__About this task__
When you give the entries again, keep every word as it stands and drop the pictures.

[Records from a data collection]
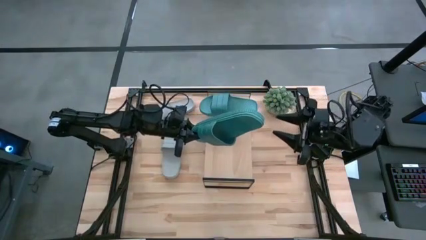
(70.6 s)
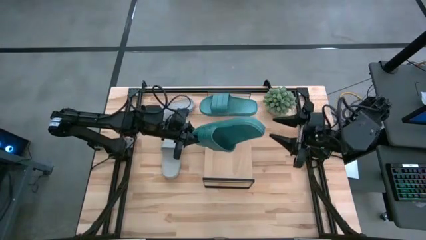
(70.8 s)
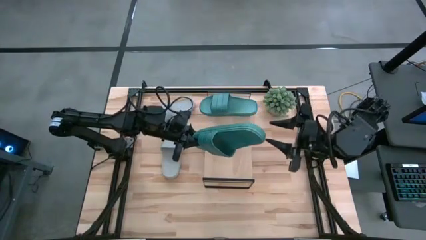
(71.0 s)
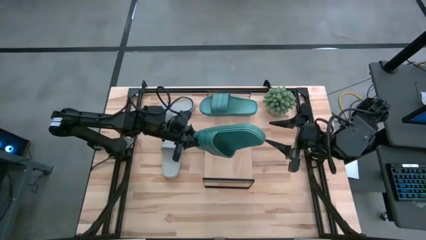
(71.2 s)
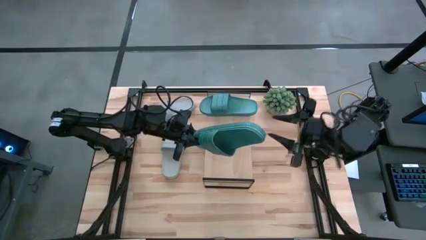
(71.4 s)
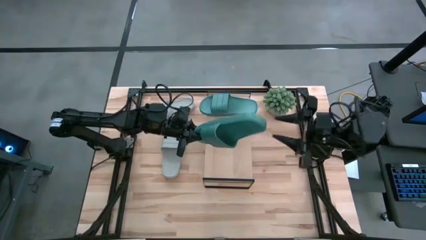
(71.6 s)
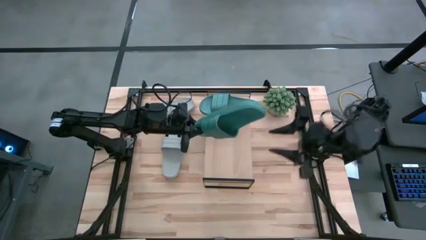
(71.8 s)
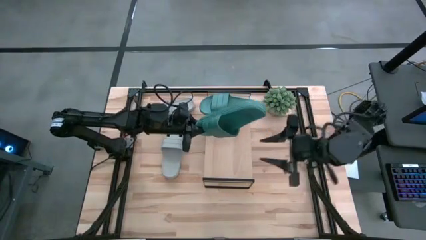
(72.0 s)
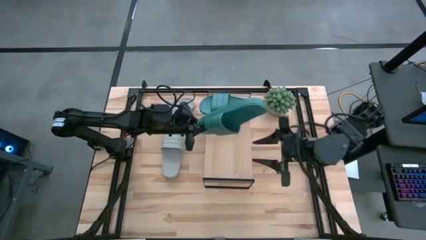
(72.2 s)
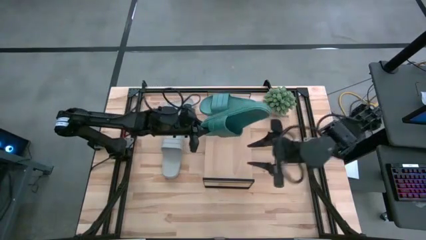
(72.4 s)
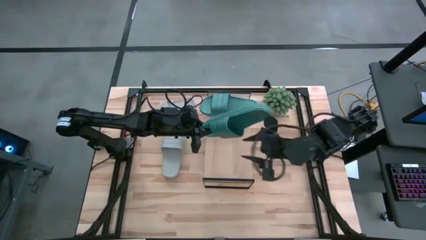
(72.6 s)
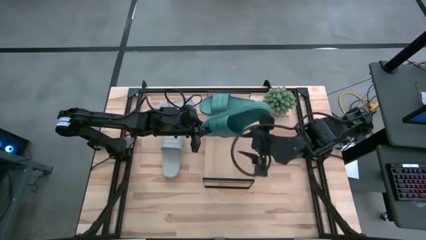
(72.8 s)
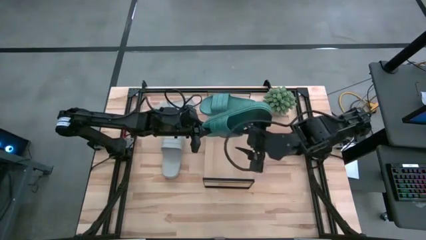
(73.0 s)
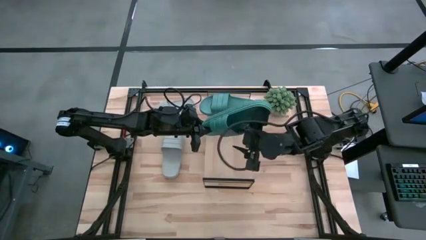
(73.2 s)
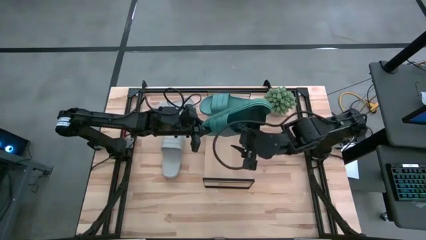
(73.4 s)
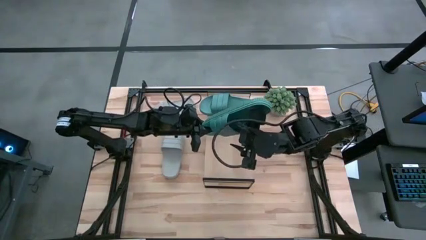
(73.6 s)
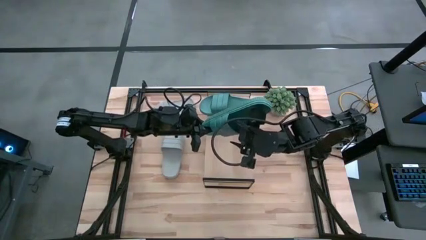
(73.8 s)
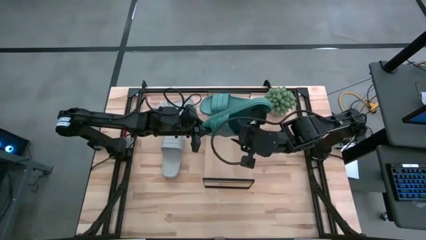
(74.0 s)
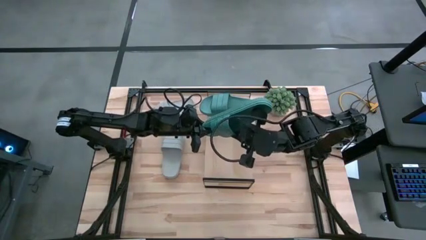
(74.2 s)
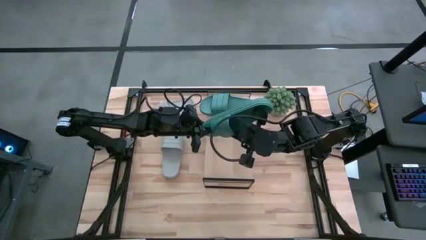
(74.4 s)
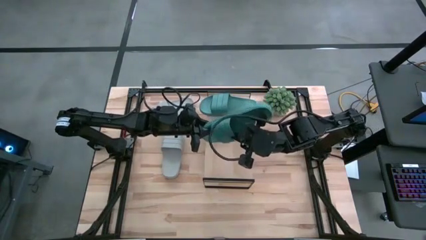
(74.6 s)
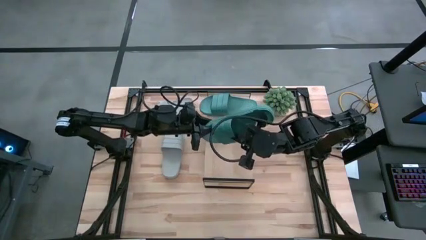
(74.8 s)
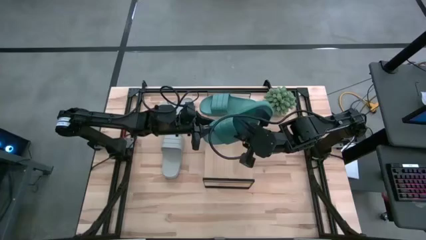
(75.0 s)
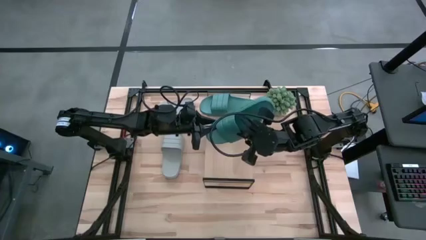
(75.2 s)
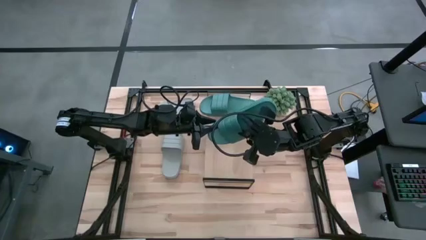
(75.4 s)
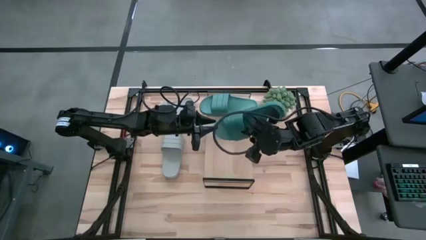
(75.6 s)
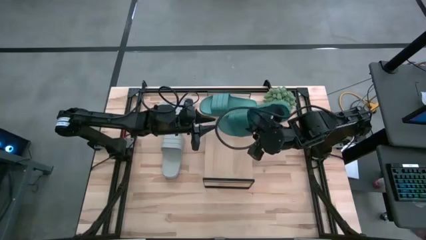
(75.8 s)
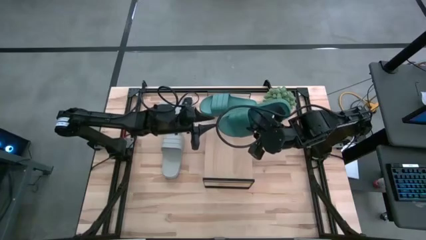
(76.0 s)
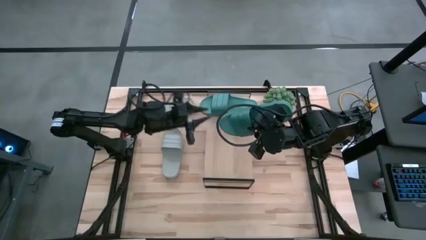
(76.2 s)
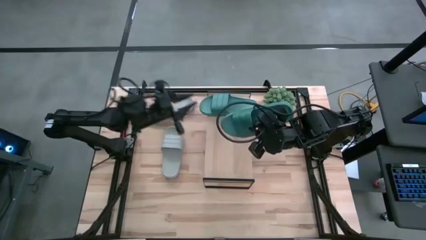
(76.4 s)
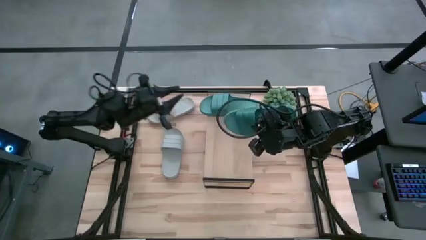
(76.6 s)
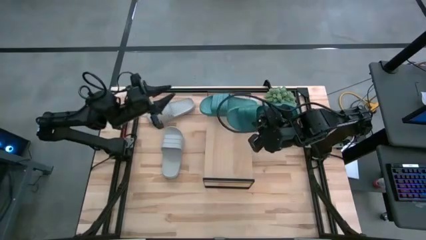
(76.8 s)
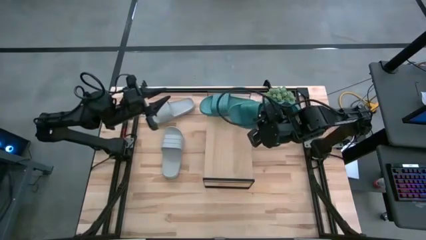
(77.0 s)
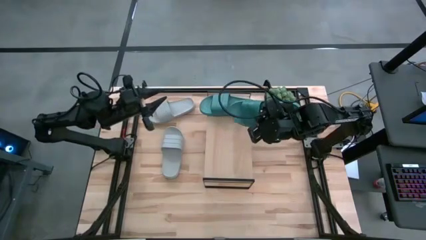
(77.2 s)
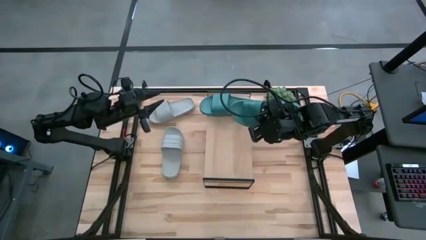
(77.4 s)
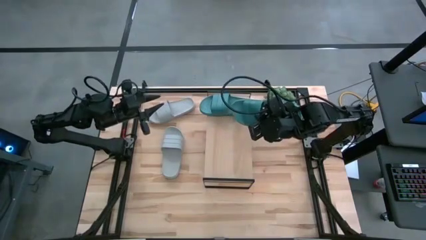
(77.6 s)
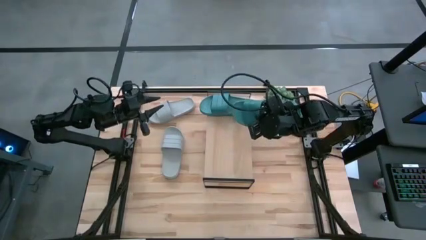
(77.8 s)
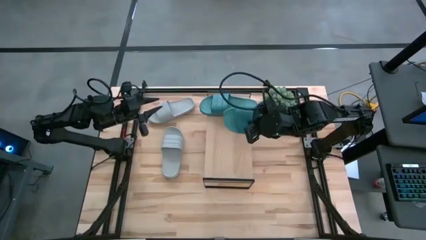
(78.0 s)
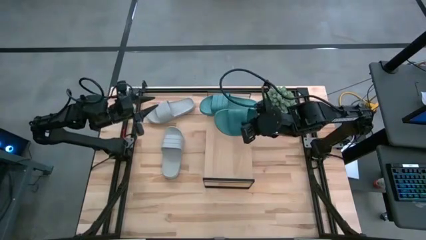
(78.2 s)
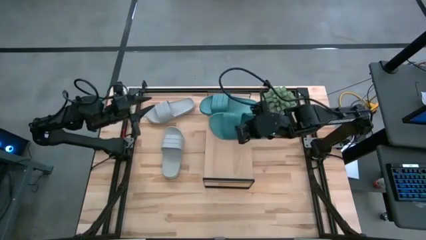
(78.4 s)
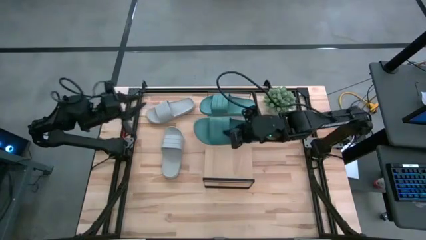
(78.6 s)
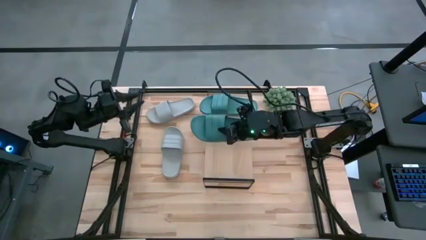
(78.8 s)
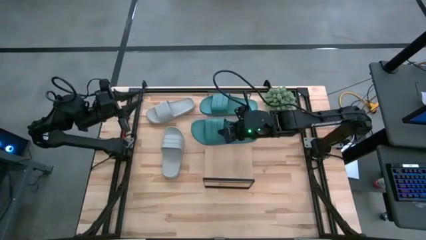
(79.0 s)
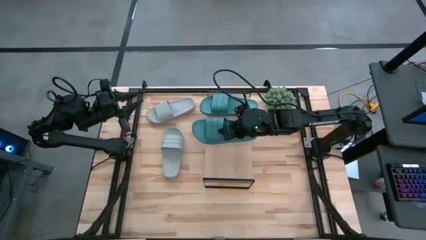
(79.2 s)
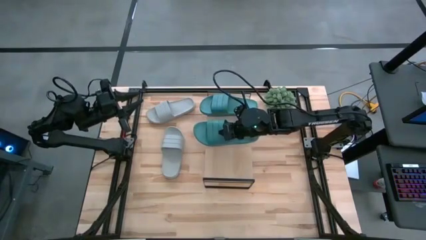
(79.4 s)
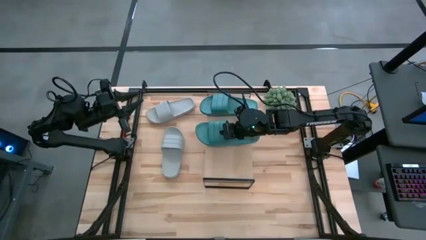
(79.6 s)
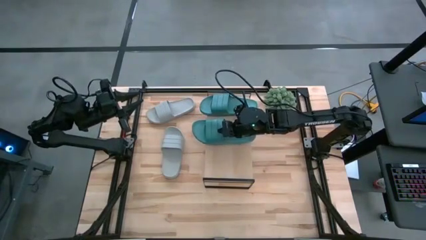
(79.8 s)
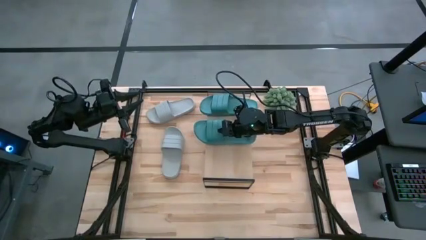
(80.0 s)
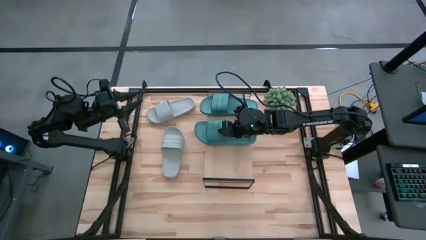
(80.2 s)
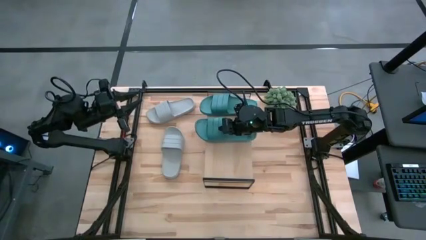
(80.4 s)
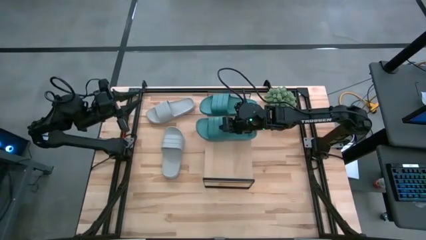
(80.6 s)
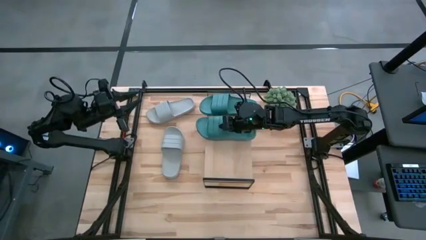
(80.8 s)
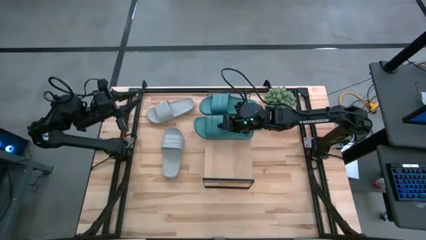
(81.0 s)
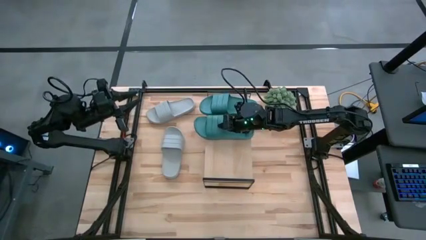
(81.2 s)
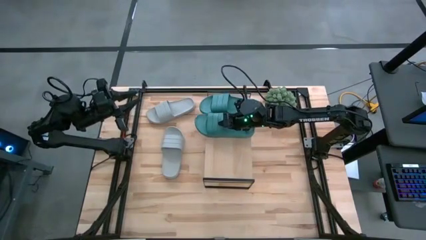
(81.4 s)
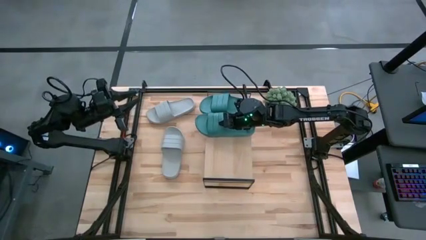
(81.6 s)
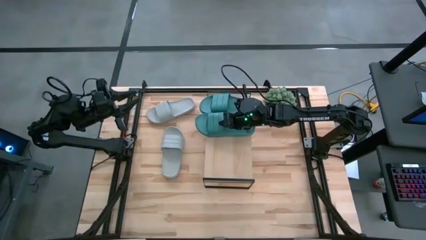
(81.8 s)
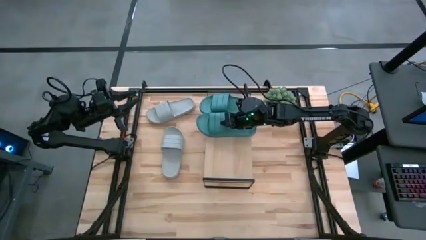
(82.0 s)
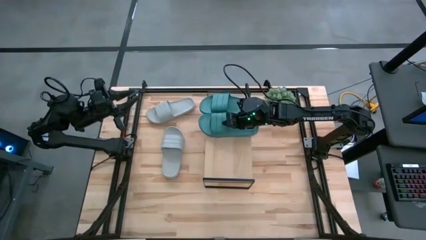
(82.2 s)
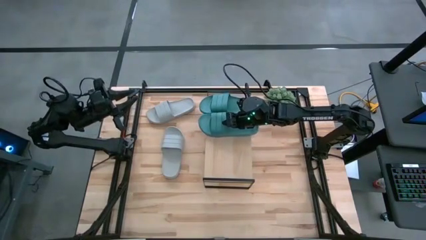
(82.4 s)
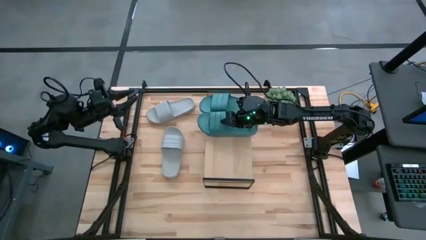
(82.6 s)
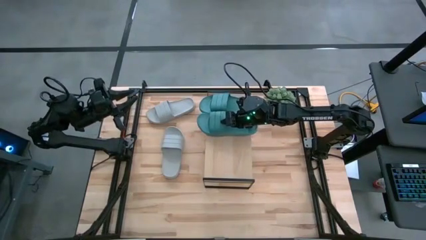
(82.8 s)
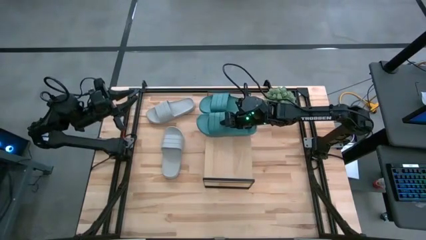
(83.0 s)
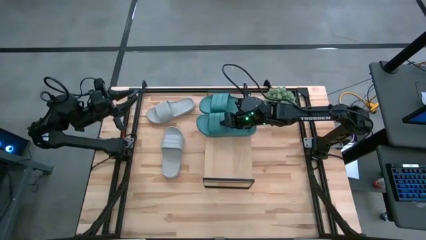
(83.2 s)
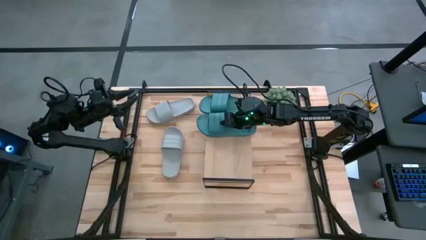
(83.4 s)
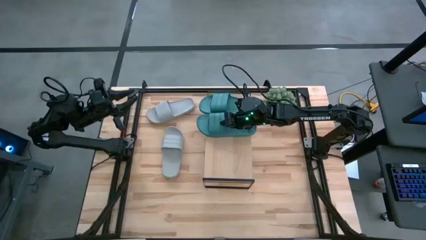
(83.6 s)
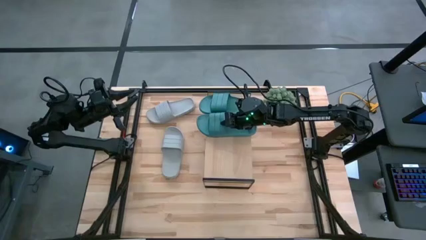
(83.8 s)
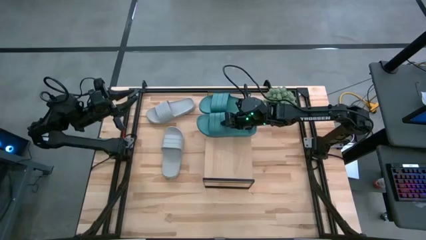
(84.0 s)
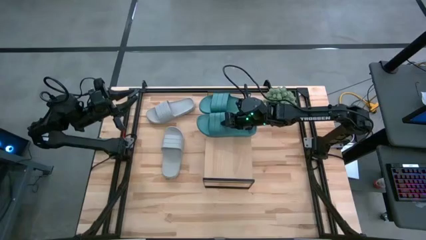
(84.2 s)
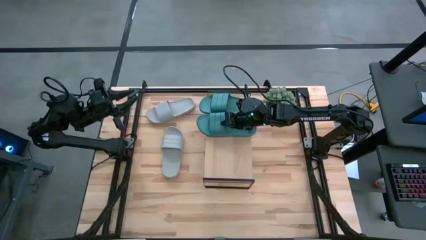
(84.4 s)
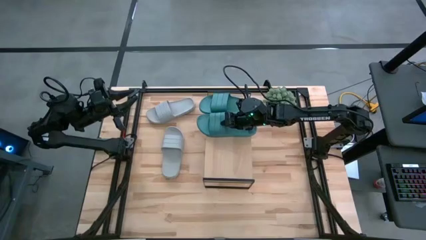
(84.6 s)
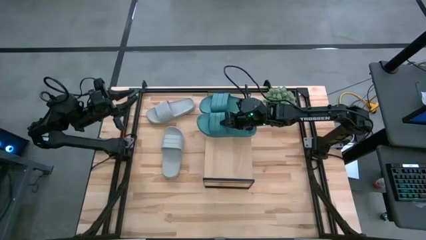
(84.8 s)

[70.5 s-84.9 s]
Task: Pick and place slides into the shelf
Put the green slide on the shelf

__Solution__
(70.6 s)
(70.8 s)
(71.0 s)
(71.2 s)
(71.4 s)
(71.6 s)
(71.8 s)
(72.0 s)
(72.2 s)
(72.4 s)
(72.6 s)
(72.8 s)
(73.0 s)
(73.2 s)
(73.4 s)
(73.6 s)
(73.8 s)
(74.0 s)
(74.2 s)
(74.4 s)
(74.6 s)
(74.8 s)
(75.0 s)
(75.2 s)
(75.4 s)
(75.6 s)
(75.8 s)
(76.0 s)
(76.2 s)
(76.4 s)
(76.6 s)
(76.8 s)
(77.0 s)
(77.2 s)
(77.4 s)
(77.6 s)
(77.8 s)
(78.0 s)
(78.2 s)
(78.4 s)
(78.6 s)
(78.8 s)
(79.0 s)
(79.2 s)
(79.4 s)
(79.6 s)
(79.8 s)
(80.0 s)
(80.2 s)
(80.4 s)
(80.6 s)
(80.8 s)
(81.0 s)
(81.2 s)
(81.4 s)
(81.6 s)
(81.8 s)
(82.0 s)
(82.2 s)
(82.4 s)
(82.6 s)
(82.8 s)
(83.0 s)
(83.2 s)
(83.4 s)
(83.6 s)
(83.8 s)
(84.0 s)
(84.2 s)
(84.4 s)
(84.6 s)
(84.8 s)

[70.5 s-84.9 s]
Task: Pick and place slides into the shelf
Put the green slide on the shelf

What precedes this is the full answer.